Bet he's got something akin to 30" kneewalls and with that flat ceiling at the ridge he's sweating bullet over the headspace which is why he didn't put any insulation covering the rafters on the room facing side as well.
Parolee # 53804
I'm wichya...
But... Bud Lite???? Ya gotta do better than that... How about something in a green bottle? I like cheap imports :-) Or, if that is all you have to offer, all milkbones. I've got a lab with a 2 track mind - food and paying... We buy Milkbones in the "economy" box. :-) Actually I'm not betting - my guess is that you are right and I'm wondering about big dead airspaces behind kneewalls.
I'm wondering if he'll be back.
Parolee # 53804
The rafters I can't and don't need to change.
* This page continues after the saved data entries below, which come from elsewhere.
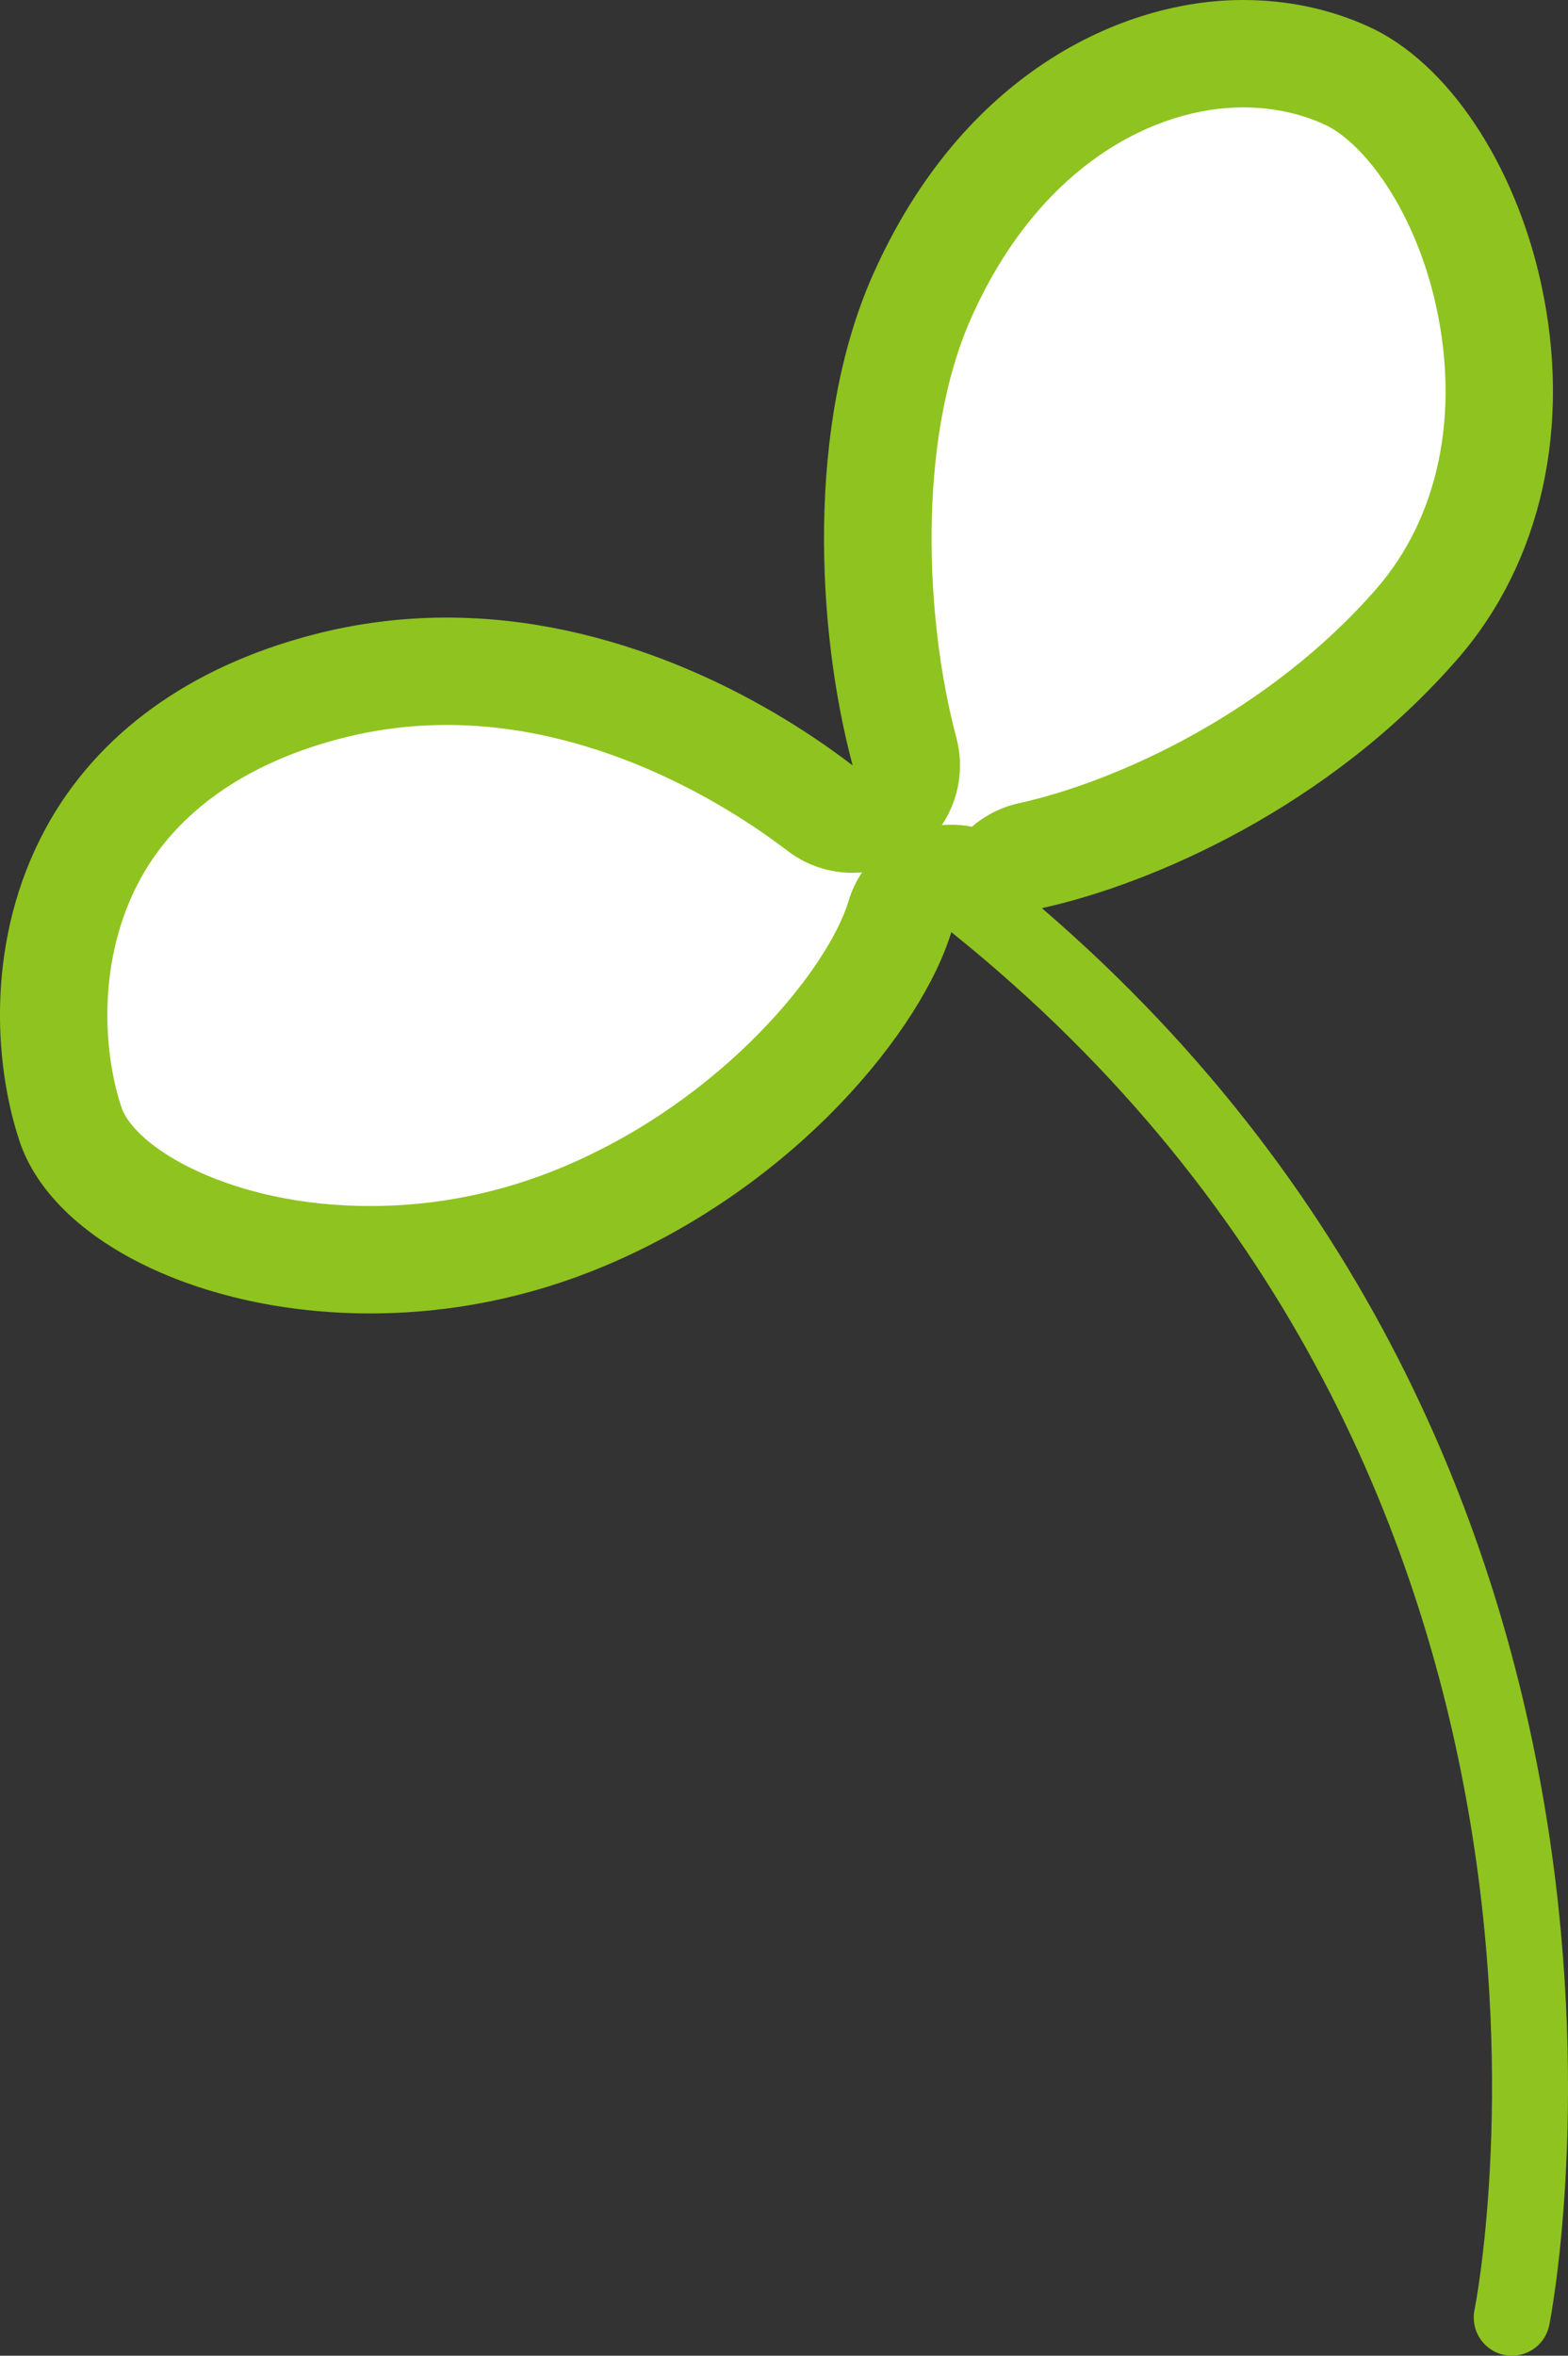<svg xmlns="http://www.w3.org/2000/svg" width="14.607" height="21.937" viewBox="0 0 14.607 21.937">
  <rect x="0" y="0" width="14.607" height="21.937" fill="#333333" stroke="none"/>
  <g id="パス_51" data-name="パス 51" transform="translate(-466.725 -25.836)" fill="#fff" stroke-linecap="round" stroke-linejoin="round">
    <path d="M 470.171 37.567 C 468.688 37.567 467.588 36.925 467.381 36.305 C 467.169 35.666 467.112 34.669 467.59 33.788 C 468.001 33.033 468.754 32.494 469.769 32.23 C 470.131 32.135 470.507 32.087 470.887 32.087 C 472.524 32.087 473.864 32.978 474.364 33.361 L 475.216 34.014 L 475.108 34.372 C 474.886 35.111 473.825 36.466 472.164 37.164 C 471.527 37.431 470.857 37.567 470.171 37.567 Z M 475.677 33.947 L 475.386 33.714 L 475.151 32.835 C 474.829 31.632 474.754 29.855 475.314 28.597 C 476.056 26.93 477.345 26.336 478.304 26.336 C 478.647 26.336 478.971 26.404 479.268 26.539 C 479.851 26.804 480.383 27.625 480.593 28.583 C 480.847 29.747 480.606 30.861 479.93 31.639 C 478.844 32.891 477.308 33.588 476.324 33.805 L 475.677 33.947 Z" stroke="none"/>
    <path d="M 478.304 26.836 C 477.502 26.836 476.415 27.352 475.771 28.8 C 475.264 29.94 475.344 31.624 475.634 32.705 C 475.71 32.99 475.656 33.285 475.499 33.52 C 475.593 33.512 475.688 33.517 475.779 33.535 C 475.902 33.429 476.051 33.353 476.216 33.316 C 477.126 33.116 478.547 32.471 479.553 31.312 C 480.124 30.653 480.325 29.698 480.104 28.69 C 479.909 27.799 479.432 27.163 479.061 26.994 C 478.83 26.889 478.575 26.836 478.304 26.836 M 470.887 32.587 C 470.55 32.587 470.217 32.63 469.895 32.714 C 469.017 32.942 468.372 33.396 468.03 34.026 C 467.627 34.768 467.684 35.632 467.856 36.146 C 467.981 36.523 468.878 37.067 470.171 37.067 C 470.79 37.067 471.395 36.945 471.97 36.703 C 473.465 36.075 474.441 34.854 474.63 34.227 C 474.658 34.131 474.701 34.042 474.756 33.96 C 474.512 33.982 474.263 33.914 474.06 33.758 C 473.6 33.406 472.371 32.587 470.887 32.587 M 478.304 25.836 C 478.718 25.836 479.112 25.919 479.475 26.084 C 480.206 26.416 480.836 27.355 481.081 28.476 C 481.37 29.796 481.088 31.068 480.308 31.967 C 479.111 33.346 477.467 34.065 476.431 34.293 C 482.699 39.685 481.174 47.411 481.157 47.491 C 481.122 47.658 480.975 47.773 480.81 47.773 C 480.786 47.773 480.762 47.771 480.737 47.766 C 480.545 47.726 480.422 47.538 480.461 47.346 C 480.478 47.269 481.971 39.638 475.587 34.516 C 475.32 35.402 474.165 36.865 472.358 37.625 C 471.66 37.918 470.924 38.067 470.171 38.067 C 468.59 38.067 467.217 37.392 466.907 36.463 C 466.661 35.724 466.596 34.571 467.151 33.549 C 467.629 32.67 468.49 32.046 469.643 31.746 C 470.048 31.64 470.466 31.587 470.887 31.587 C 472.425 31.587 473.796 32.296 474.668 32.964 C 474.327 31.69 474.237 29.788 474.857 28.394 C 475.696 26.508 477.188 25.836 478.304 25.836 Z" stroke="none" fill="#8fc31f"/>
  </g>
</svg>
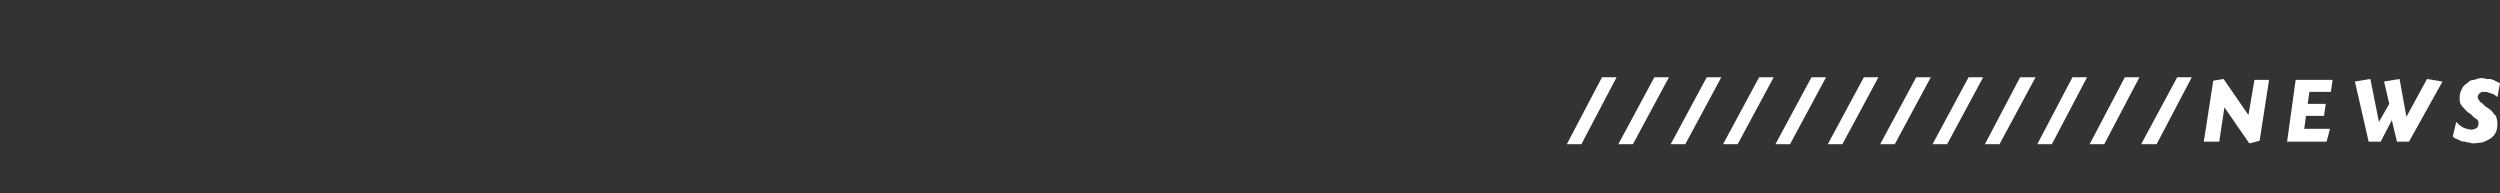 <?xml version="1.0" standalone="no"?><!DOCTYPE svg PUBLIC "-//W3C//DTD SVG 1.1//EN" "http://www.w3.org/Graphics/SVG/1.1/DTD/svg11.dtd"><svg xmlns="http://www.w3.org/2000/svg" version="1.1" width="291.2px" height="22.5px" viewBox="0 -1 291.2 22.5" style="top:-1px"><rect x="0" y="-1" width="291.2" height="22.5" fill="#333333" stroke="none"/>  <desc>NEWS</desc>  <defs/>  <g id="Polygon176671">    <path d="M 188.3 8 L 184.2 15.8 L 182.5 15.8 L 186.6 8 L 188.3 8 Z M 194.4 8 L 190.2 15.8 L 188.5 15.8 L 192.7 8 L 194.4 8 Z M 200.5 8 L 196.3 15.8 L 194.6 15.8 L 198.8 8 L 200.5 8 Z M 206.6 8 L 202.4 15.8 L 200.7 15.8 L 204.9 8 L 206.6 8 Z M 212.7 8 L 208.5 15.8 L 206.8 15.8 L 211 8 L 212.7 8 Z M 218.8 8 L 214.6 15.8 L 212.9 15.8 L 217.1 8 L 218.8 8 Z M 224.9 8 L 220.7 15.8 L 219 15.8 L 223.2 8 L 224.9 8 Z M 231 8 L 226.8 15.8 L 225.1 15.8 L 229.3 8 L 231 8 Z M 237.1 8 L 232.9 15.8 L 231.2 15.8 L 235.3 8 L 237.1 8 Z M 243.1 8 L 239 15.8 L 237.3 15.8 L 241.4 8 L 243.1 8 Z M 249.2 8 L 245.1 15.8 L 243.4 15.8 L 247.5 8 L 249.2 8 Z M 255.3 8 L 251.2 15.8 L 249.4 15.8 L 253.6 8 L 255.3 8 Z M 261.9 12.4 L 262.6 8.3 L 264.3 8.3 L 263.2 15.4 L 262 15.7 L 259.1 11.5 L 258.5 15.5 L 256.7 15.5 L 257.8 8.4 L 259 8.2 L 261.9 12.4 Z M 268.8 11.1 L 270.9 11.1 L 270.7 12.5 L 268.6 12.5 L 268.4 14 L 271.4 14 L 271 15.5 L 266.4 15.5 L 267.4 8.3 L 271.7 8.3 L 271.5 9.7 L 269 9.7 L 268.8 11.1 Z M 282.7 8.2 L 284.5 8.5 L 280.6 15.5 L 279.2 15.5 L 278.6 13 L 277.3 15.5 L 275.9 15.5 L 274.3 8.5 L 276.1 8.2 L 277.1 13.2 L 278.3 11.1 L 277.7 8.5 L 279.5 8.2 L 280.3 12.6 L 282.7 8.2 Z M 290.9 10.3 C 290.6 10.1 290.4 9.9 290.2 9.9 C 289.9 9.8 289.7 9.7 289.5 9.7 C 289.2 9.7 289.1 9.7 288.9 9.8 C 288.7 10 288.6 10.1 288.6 10.3 C 288.6 10.4 288.6 10.5 288.7 10.5 C 288.7 10.6 288.7 10.7 288.8 10.7 C 288.8 10.8 288.9 10.9 289.1 11 C 289.2 11.1 289.3 11.2 289.5 11.4 C 289.8 11.6 290 11.7 290.2 11.9 C 290.3 12 290.4 12.1 290.5 12.3 C 290.7 12.4 290.8 12.6 290.8 12.8 C 290.9 13 290.9 13.2 290.9 13.4 C 290.9 14.3 290.6 14.9 289.8 15.3 C 289.6 15.4 289.4 15.5 289.1 15.6 C 288.8 15.6 288.5 15.7 288.1 15.7 C 288 15.7 287.8 15.7 287.7 15.6 C 287.5 15.6 287.3 15.6 287.2 15.5 C 287 15.5 286.8 15.5 286.6 15.4 C 286.5 15.3 286.3 15.3 286.2 15.2 C 286.1 15.2 286 15.1 285.9 15.1 C 285.9 15 285.8 15 285.7 14.9 C 285.7 14.9 286.1 13.2 286.1 13.2 C 286.4 13.5 286.6 13.7 287 13.9 C 287.3 14 287.6 14.1 287.9 14.1 C 288.1 14.1 288.3 14 288.5 13.9 C 288.6 13.8 288.7 13.6 288.7 13.4 C 288.7 13.3 288.7 13.1 288.6 13 C 288.5 12.9 288.4 12.8 288.2 12.7 C 288.1 12.6 287.9 12.4 287.8 12.3 C 287.7 12.2 287.6 12.2 287.5 12.1 C 287.4 12 287.3 12 287.3 11.9 C 287.2 11.8 287.1 11.8 287.1 11.7 C 286.9 11.5 286.7 11.3 286.6 11.1 C 286.5 10.9 286.5 10.6 286.5 10.3 C 286.5 10 286.6 9.6 286.8 9.3 C 286.9 9 287.2 8.8 287.5 8.6 C 287.6 8.4 287.9 8.3 288.2 8.3 C 288.5 8.2 288.7 8.1 289 8.1 C 289.2 8.1 289.4 8.1 289.6 8.2 C 289.8 8.2 290 8.2 290.1 8.2 C 290.3 8.3 290.5 8.3 290.6 8.4 C 290.8 8.5 291 8.6 291.2 8.7 C 291.2 8.7 290.9 10.3 290.9 10.3 Z " stroke="none" fill="#fff"/>  </g></svg>

They sure are undersized, but keep in mind its only like 8' or 9' from the kneewall to the to the ridge. they got doubled, then the 3" foam ("Tuff-R" value approx. r 7 per inch) This room all newly sheetrocked and painted, etc... complete inside. All the old asphalt, two layers, old cedar and lath is going in the dumpster. So from outside we'll have just the rafters with foil faced panels fit in between. Thinking of 3/4" foam over this, then 1x3 or 5/4x3 lath and cedar shingles
Yes, lots of old buildings like that and still doing well after all the years.
You haven't said what the length of the room is but if it's around 20ft or so those uninsulated doubled 2x rafters are going to add up to a significant area.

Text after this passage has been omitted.